* [Exercise]: The whole listing needs to be returned exactly as it appears.

▬▬▬

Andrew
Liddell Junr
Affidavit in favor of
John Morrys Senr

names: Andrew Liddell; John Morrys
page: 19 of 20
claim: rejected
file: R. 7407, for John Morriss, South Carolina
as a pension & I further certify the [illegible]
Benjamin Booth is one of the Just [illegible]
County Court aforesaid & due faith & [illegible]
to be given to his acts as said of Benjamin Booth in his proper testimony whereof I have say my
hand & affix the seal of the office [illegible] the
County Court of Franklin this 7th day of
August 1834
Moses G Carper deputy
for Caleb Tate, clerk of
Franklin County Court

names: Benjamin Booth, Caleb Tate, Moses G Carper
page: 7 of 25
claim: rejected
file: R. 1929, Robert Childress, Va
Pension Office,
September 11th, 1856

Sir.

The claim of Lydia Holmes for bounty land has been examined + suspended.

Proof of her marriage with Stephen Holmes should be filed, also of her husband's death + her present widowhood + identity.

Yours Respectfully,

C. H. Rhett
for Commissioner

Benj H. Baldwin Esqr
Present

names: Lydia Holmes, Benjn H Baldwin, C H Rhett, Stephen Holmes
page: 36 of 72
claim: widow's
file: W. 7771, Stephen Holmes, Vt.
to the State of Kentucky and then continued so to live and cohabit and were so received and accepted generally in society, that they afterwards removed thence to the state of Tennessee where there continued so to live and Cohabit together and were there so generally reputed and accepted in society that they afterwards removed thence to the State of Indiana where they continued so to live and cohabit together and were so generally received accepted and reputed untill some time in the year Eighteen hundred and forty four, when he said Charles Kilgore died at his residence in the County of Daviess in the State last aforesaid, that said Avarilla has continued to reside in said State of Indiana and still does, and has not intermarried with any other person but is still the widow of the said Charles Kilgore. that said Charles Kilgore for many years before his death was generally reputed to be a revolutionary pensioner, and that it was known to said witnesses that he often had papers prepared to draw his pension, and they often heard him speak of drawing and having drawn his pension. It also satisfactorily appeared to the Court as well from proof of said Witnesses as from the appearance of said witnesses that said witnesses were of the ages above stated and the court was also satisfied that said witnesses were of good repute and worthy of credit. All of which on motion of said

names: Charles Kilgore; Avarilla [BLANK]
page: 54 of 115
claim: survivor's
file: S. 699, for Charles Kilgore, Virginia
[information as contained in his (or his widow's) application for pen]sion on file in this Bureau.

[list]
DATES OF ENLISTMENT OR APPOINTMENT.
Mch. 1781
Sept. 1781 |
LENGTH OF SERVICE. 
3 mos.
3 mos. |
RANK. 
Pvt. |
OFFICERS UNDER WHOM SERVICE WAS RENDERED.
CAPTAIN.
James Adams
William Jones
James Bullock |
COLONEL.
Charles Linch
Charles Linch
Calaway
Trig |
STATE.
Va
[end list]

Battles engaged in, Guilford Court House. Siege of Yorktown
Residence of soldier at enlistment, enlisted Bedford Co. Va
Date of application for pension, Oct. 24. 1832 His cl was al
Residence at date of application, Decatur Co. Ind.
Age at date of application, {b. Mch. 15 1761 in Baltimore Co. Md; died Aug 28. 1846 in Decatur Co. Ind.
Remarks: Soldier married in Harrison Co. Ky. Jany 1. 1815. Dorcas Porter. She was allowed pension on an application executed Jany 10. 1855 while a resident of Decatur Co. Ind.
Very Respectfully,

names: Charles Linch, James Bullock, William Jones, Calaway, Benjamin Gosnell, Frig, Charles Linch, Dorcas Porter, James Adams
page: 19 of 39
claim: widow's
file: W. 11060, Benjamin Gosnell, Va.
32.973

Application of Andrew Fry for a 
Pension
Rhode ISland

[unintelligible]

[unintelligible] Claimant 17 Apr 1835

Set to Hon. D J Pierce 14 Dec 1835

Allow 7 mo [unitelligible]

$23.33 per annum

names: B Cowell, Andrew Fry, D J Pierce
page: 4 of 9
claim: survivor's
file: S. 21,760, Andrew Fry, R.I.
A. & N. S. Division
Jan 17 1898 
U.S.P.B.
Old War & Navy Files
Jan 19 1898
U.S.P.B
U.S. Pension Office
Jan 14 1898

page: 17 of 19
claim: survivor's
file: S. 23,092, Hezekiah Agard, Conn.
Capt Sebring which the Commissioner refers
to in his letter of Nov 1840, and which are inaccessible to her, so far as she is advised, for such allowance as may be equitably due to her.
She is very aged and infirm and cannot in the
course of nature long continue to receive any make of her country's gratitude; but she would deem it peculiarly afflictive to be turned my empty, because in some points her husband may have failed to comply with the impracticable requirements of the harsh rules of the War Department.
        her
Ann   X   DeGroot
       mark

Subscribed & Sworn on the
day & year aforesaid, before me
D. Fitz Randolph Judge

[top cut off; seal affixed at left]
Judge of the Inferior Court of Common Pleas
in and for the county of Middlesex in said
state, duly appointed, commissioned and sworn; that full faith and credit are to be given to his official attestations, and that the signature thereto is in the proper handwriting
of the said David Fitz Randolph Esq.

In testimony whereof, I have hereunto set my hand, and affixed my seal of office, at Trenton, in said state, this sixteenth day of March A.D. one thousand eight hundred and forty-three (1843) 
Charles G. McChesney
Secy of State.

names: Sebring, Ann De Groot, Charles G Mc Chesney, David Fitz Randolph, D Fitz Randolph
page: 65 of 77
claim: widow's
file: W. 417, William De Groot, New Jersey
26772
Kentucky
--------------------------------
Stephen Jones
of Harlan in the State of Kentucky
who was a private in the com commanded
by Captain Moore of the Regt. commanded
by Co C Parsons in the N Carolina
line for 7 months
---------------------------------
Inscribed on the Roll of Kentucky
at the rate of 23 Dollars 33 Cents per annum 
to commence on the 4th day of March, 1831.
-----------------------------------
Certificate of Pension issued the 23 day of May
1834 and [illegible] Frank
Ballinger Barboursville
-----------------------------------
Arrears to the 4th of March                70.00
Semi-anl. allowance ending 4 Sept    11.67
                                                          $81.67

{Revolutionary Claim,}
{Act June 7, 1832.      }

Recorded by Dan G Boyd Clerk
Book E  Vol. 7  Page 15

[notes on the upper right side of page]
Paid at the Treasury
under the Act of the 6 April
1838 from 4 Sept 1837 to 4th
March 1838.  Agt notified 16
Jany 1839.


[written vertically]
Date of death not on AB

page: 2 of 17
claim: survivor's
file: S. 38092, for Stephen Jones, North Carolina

▬▬▬

* [Solution]:
Andrew
Liddell Junr
Affidavit in favor of
John Morrys Senr

names: Andrew Liddell; John Morrys
page: 19 of 20
claim: rejected
file: R. 7407, for John Morriss, South Carolina
as a pension & I further certify the [illegible]
Benjamin Booth is one of the Just [illegible]
County Court aforesaid & due faith & [illegible]
to be given to his acts as said of Benjamin Booth in his proper testimony whereof I have say my
hand & affix the seal of the office [illegible] the
County Court of Franklin this 7th day of
August 1834
Moses G Carper deputy
for Caleb Tate, clerk of
Franklin County Court

names: Benjamin Booth, Caleb Tate, Moses G Carper
page: 7 of 25
claim: rejected
file: R. 1929, Robert Childress, Va
Pension Office,
September 11th, 1856

Sir.

The claim of Lydia Holmes for bounty land has been examined + suspended.

Proof of her marriage with Stephen Holmes should be filed, also of her husband's death + her present widowhood + identity.

Yours Respectfully,

C. H. Rhett
for Commissioner

Benj H. Baldwin Esqr
Present

names: Lydia Holmes, Benjn H Baldwin, C H Rhett, Stephen Holmes
page: 36 of 72
claim: widow's
file: W. 7771, Stephen Holmes, Vt.
to the State of Kentucky and then continued so to live and cohabit and were so received and accepted generally in society, that they afterwards removed thence to the state of Tennessee where there continued so to live and Cohabit together and were there so generally reputed and accepted in society that they afterwards removed thence to the State of Indiana where they continued so to live and cohabit together and were so generally received accepted and reputed untill some time in the year Eighteen hundred and forty four, when he said Charles Kilgore died at his residence in the County of Daviess in the State last aforesaid, that said Avarilla has continued to reside in said State of Indiana and still does, and has not intermarried with any other person but is still the widow of the said Charles Kilgore. that said Charles Kilgore for many years before his death was generally reputed to be a revolutionary pensioner, and that it was known to said witnesses that he often had papers prepared to draw his pension, and they often heard him speak of drawing and having drawn his pension. It also satisfactorily appeared to the Court as well from proof of said Witnesses as from the appearance of said witnesses that said witnesses were of the ages above stated and the court was also satisfied that said witnesses were of good repute and worthy of credit. All of which on motion of said

names: Charles Kilgore; Avarilla [BLANK]
page: 54 of 115
claim: survivor's
file: S. 699, for Charles Kilgore, Virginia
[information as contained in his (or his widow's) application for pen]sion on file in this Bureau.

[list]
DATES OF ENLISTMENT OR APPOINTMENT.
Mch. 1781
Sept. 1781 |
LENGTH OF SERVICE. 
3 mos.
3 mos. |
RANK. 
Pvt. |
OFFICERS UNDER WHOM SERVICE WAS RENDERED.
CAPTAIN.
James Adams
William Jones
James Bullock |
COLONEL.
Charles Linch
Charles Linch
Calaway
Trig |
STATE.
Va
[end list]

Battles engaged in, Guilford Court House. Siege of Yorktown
Residence of soldier at enlistment, enlisted Bedford Co. Va
Date of application for pension, Oct. 24. 1832 His cl was al
Residence at date of application, Decatur Co. Ind.
Age at date of application, {b. Mch. 15 1761 in Baltimore Co. Md; died Aug 28. 1846 in Decatur Co. Ind.
Remarks: Soldier married in Harrison Co. Ky. Jany 1. 1815. Dorcas Porter. She was allowed pension on an application executed Jany 10. 1855 while a resident of Decatur Co. Ind.
Very Respectfully,

names: Charles Linch, James Bullock, William Jones, Calaway, Benjamin Gosnell, Frig, Charles Linch, Dorcas Porter, James Adams
page: 19 of 39
claim: widow's
file: W. 11060, Benjamin Gosnell, Va.
32.973

Application of Andrew Fry for a 
Pension
Rhode ISland

[unintelligible]

[unintelligible] Claimant 17 Apr 1835

Set to Hon. D J Pierce 14 Dec 1835

Allow 7 mo [unitelligible]

$23.33 per annum

names: B Cowell, Andrew Fry, D J Pierce
page: 4 of 9
claim: survivor's
file: S. 21,760, Andrew Fry, R.I.
A. & N. S. Division
Jan 17 1898 
U.S.P.B.
Old War & Navy Files
Jan 19 1898
U.S.P.B
U.S. Pension Office
Jan 14 1898

page: 17 of 19
claim: survivor's
file: S. 23,092, Hezekiah Agard, Conn.
Capt Sebring which the Commissioner refers
to in his letter of Nov 1840, and which are inaccessible to her, so far as she is advised, for such allowance as may be equitably due to her.
She is very aged and infirm and cannot in the
course of nature long continue to receive any make of her country's gratitude; but she would deem it peculiarly afflictive to be turned my empty, because in some points her husband may have failed to comply with the impracticable requirements of the harsh rules of the War Department.
        her
Ann   X   DeGroot
       mark

Subscribed & Sworn on the
day & year aforesaid, before me
D. Fitz Randolph Judge

[top cut off; seal affixed at left]
Judge of the Inferior Court of Common Pleas
in and for the county of Middlesex in said
state, duly appointed, commissioned and sworn; that full faith and credit are to be given to his official attestations, and that the signature thereto is in the proper handwriting
of the said David Fitz Randolph Esq.

In testimony whereof, I have hereunto set my hand, and affixed my seal of office, at Trenton, in said state, this sixteenth day of March A.D. one thousand eight hundred and forty-three (1843) 
Charles G. McChesney
Secy of State.

names: Sebring, Ann De Groot, Charles G Mc Chesney, David Fitz Randolph, D Fitz Randolph
page: 65 of 77
claim: widow's
file: W. 417, William De Groot, New Jersey
26772
Kentucky
--------------------------------
Stephen Jones
of Harlan in the State of Kentucky
who was a private in the com commanded
by Captain Moore of the Regt. commanded
by Co C Parsons in the N Carolina
line for 7 months
---------------------------------
Inscribed on the Roll of Kentucky
at the rate of 23 Dollars 33 Cents per annum 
to commence on the 4th day of March, 1831.
-----------------------------------
Certificate of Pension issued the 23 day of May
1834 and [illegible] Frank
Ballinger Barboursville
-----------------------------------
Arrears to the 4th of March                70.00
Semi-anl. allowance ending 4 Sept    11.67
                                                          $81.67

{Revolutionary Claim,}
{Act June 7, 1832.      }

Recorded by Dan G Boyd Clerk
Book E  Vol. 7  Page 15

[notes on the upper right side of page]
Paid at the Treasury
under the Act of the 6 April
1838 from 4 Sept 1837 to 4th
March 1838.  Agt notified 16
Jany 1839.


[written vertically]
Date of death not on AB

page: 2 of 17
claim: survivor's
file: S. 38092, for Stephen Jones, North Carolina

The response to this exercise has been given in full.